1.3xx Series Vision: Domain-Specific Data & Analysis#
Status: Planning document for future taxonomy expansion Created: 2025-02-05 Context: Emerging from civic budget analysis work (see task 271842)
Overview#
The 1.3xx series will cover domain-specific data infrastructure and analysis libraries - specialized tools for working with real-world data in specific industries and sectors.
Thematic Structure#
- 1.0xx-1.1xx: Core computer science (algorithms, data structures, ML, NLP, UI)
- 1.2xx: Modern infrastructure (LLMs, calendaring, social protocols, messaging)
- 1.3xx: Domain-specific data & analysis ← NEW SERIES
- 2.xxx: Standards and protocols
- 3.xxx: Commercial platforms and applications
Rationale#
Domain-specific data work has unique characteristics:
- Specialized data sources - Often messy, unstructured, or semi-structured
- Entity resolution challenges - Domain-specific entities need normalization
- Regulatory requirements - Compliance, standardization, reporting mandates
- Fragmented tooling - Libraries exist but aren’t cataloged
- High-stakes domains - Finance, healthcare, legal, government
These domains need the same infrastructure (parsing, entity resolution, data access, analysis) but general-purpose tools fall short.
Proposed Structure#
1.300-329: Financial Data & Analysis#
1.300-309: Public Finance & Civic Data
- Public finance modeling (OpenFisca, PolicyEngine, Tax-Calculator)
- Government data access (Census, USAspending APIs)
- Budget document parsing (CAFR/ACFR extraction)
- Civic entity resolution (agency names, jurisdictions)
- Procurement & contract analysis
- Fiscal health metrics
1.310-319: Corporate Finance & Securities
- SEC filing parsers (EDGAR access, 10-K/10-Q extraction)
- Financial statement analysis
- Company entity resolution
- Credit analysis libraries
- Market data access
1.320-329: Financial Infrastructure
- Financial entity resolution (LEI, CUSIP, ISIN)
- Financial document parsing (earnings calls, prospectuses)
- Time-series financial data
- Financial data standards (XBRL, FIX)
1.330-339: Legal & Regulatory Data#
- Contract analysis (NDA parsing, clause extraction, risk assessment)
- Case law research (legal search engines, citation analysis)
- Legal entity identification (parties, jurisdictions, citations)
- Regulatory compliance checking
- Court data access (PACER, state court systems)
- Legal document generation
1.340-349: Healthcare & Medical Data#
- HL7/FHIR libraries (healthcare interoperability standards)
- Medical NLP (clinical text analysis, entity extraction)
- Medical coding (ICD-10, CPT, SNOMED CT)
- Drug/pharmaceutical databases
- EHR integration tools
- Public health datasets (CDC, WHO)
1.350-359: Real Estate & Property Data#
- Property records access (assessor data, deeds, titles)
- Parcel/GIS data integration
- Zoning analysis
- Real estate market data
- Title search & deed parsing
- Property valuation models
1.360-369: Supply Chain & Logistics#
- Shipping carrier APIs (FedEx, UPS, USPS, DHL)
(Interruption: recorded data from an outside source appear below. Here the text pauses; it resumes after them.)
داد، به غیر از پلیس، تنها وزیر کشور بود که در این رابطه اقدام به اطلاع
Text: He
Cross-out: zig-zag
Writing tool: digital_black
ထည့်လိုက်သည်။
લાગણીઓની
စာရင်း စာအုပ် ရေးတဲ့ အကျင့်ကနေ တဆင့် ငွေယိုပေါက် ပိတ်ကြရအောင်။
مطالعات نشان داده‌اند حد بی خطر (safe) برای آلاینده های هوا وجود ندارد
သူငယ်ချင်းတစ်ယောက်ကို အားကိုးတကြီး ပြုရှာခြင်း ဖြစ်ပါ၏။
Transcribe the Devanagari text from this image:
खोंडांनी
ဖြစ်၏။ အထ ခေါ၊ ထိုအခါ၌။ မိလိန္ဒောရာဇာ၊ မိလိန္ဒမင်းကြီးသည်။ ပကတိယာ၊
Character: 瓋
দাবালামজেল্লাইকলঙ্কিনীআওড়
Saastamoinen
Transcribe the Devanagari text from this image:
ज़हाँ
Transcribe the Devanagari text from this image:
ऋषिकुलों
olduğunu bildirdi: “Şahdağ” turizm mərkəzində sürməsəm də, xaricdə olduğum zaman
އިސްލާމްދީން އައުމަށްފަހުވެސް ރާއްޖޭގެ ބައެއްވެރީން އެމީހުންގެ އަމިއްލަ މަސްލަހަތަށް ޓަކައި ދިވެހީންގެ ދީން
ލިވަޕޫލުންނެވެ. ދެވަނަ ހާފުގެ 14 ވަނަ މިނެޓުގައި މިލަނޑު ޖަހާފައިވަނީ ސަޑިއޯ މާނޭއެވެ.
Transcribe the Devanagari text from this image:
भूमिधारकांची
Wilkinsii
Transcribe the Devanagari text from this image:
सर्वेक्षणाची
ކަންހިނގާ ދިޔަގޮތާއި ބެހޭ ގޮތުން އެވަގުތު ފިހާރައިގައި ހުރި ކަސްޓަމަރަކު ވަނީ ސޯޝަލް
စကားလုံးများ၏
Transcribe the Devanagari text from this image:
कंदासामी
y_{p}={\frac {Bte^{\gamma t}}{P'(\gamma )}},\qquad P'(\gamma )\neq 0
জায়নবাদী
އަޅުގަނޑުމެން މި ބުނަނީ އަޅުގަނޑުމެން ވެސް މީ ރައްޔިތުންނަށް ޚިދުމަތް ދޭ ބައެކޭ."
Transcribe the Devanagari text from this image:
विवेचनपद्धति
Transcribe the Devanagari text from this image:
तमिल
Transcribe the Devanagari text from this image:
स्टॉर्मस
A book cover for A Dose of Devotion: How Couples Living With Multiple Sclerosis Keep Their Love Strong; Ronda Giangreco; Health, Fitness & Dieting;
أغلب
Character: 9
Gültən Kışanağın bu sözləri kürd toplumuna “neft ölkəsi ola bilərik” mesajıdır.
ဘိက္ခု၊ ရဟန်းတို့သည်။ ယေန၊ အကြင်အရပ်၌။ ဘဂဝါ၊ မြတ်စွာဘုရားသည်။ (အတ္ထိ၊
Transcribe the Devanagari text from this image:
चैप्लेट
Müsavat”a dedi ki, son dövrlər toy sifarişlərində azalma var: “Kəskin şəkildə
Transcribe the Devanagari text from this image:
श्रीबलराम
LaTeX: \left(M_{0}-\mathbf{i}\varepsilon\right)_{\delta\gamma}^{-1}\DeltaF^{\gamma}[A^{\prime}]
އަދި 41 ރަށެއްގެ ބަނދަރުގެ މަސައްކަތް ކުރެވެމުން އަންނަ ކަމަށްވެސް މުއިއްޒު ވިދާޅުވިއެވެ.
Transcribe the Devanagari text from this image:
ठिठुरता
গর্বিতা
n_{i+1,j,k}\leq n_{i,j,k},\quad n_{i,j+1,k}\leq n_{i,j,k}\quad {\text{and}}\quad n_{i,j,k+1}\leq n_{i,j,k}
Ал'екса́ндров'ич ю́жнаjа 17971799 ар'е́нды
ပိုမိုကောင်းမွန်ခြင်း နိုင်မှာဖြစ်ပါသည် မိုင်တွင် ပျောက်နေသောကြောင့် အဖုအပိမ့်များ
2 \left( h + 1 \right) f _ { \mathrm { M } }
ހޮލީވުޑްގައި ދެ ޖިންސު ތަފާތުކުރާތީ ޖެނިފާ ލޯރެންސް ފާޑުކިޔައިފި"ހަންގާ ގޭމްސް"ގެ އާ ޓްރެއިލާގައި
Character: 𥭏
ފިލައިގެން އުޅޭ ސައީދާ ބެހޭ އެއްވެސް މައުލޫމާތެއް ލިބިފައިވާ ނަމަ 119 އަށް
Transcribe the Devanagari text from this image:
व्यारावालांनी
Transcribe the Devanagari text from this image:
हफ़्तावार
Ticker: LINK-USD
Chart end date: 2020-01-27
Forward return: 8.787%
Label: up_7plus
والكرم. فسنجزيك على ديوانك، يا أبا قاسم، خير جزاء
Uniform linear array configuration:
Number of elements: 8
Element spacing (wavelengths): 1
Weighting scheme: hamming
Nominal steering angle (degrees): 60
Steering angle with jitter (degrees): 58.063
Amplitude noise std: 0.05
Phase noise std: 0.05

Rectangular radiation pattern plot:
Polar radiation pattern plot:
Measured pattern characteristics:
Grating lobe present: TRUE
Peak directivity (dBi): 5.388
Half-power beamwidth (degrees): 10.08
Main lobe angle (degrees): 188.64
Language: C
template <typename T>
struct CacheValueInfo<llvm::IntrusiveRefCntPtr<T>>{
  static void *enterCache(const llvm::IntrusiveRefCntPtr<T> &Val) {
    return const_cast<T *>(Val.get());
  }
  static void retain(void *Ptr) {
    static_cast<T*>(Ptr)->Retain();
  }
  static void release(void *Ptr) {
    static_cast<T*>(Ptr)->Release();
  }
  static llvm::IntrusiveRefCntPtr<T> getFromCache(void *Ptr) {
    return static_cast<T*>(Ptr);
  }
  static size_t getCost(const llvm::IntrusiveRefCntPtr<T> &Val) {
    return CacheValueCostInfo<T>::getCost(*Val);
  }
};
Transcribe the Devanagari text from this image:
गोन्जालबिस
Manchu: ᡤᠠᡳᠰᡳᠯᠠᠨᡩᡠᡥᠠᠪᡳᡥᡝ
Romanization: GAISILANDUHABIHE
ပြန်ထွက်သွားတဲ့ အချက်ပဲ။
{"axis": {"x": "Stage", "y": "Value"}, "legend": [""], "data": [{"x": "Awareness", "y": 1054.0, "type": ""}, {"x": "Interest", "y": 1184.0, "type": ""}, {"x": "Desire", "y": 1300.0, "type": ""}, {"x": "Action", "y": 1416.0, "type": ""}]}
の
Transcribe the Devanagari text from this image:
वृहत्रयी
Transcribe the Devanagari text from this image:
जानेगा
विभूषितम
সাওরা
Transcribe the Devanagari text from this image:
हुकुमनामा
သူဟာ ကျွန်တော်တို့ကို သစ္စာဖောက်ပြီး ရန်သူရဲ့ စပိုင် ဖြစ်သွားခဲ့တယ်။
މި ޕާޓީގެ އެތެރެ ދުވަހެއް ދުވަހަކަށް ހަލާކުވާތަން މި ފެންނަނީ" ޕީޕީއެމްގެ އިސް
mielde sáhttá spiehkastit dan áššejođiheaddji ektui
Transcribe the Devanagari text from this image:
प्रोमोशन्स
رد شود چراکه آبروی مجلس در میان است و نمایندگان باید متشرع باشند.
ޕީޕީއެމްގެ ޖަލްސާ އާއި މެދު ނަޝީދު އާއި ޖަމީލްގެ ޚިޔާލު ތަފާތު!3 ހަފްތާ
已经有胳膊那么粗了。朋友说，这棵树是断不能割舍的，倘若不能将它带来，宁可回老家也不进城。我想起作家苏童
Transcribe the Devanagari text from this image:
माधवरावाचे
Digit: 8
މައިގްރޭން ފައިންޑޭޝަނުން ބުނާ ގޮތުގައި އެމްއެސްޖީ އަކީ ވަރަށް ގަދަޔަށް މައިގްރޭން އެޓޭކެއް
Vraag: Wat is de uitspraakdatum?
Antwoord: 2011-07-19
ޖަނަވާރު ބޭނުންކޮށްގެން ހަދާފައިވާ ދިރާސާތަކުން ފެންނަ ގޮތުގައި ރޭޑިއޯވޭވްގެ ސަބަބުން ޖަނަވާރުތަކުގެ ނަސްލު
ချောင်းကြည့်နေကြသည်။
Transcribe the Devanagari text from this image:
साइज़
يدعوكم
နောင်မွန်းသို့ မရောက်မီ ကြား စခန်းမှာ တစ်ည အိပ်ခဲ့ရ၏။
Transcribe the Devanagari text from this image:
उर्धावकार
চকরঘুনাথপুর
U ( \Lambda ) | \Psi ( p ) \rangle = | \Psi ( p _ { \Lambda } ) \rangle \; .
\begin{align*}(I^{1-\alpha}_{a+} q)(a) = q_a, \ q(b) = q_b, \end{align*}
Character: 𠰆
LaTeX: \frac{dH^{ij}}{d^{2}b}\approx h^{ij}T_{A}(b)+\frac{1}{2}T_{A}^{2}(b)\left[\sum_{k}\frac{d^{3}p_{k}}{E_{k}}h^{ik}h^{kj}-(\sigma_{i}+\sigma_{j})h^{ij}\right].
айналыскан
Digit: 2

- Inventory management libraries
- Trade/customs data (harmonized tariff codes)
- Supply network analysis
- Warehouse optimization
- Freight tracking
1.370-379: Energy & Climate Data#
- Energy market APIs (CAISO, PJM, ERCOT)
- Smart grid/IoT data
- Carbon accounting & emissions tracking
- Climate datasets (NOAA, NASA, IPCC)
- Renewable energy modeling
- Building energy analysis
1.380-389: Scientific Research Data#
- Lab equipment APIs/drivers
- Scientific file formats (NetCDF, HDF5, FITS)
- Research data repositories (Zenodo, Dryad)
- Unit conversion & measurement libraries
- Data provenance tracking
- Scientific workflow tools
1.390-399: Government Operations (non-financial)#
- Legislative data (bills, votes, sponsors, amendments)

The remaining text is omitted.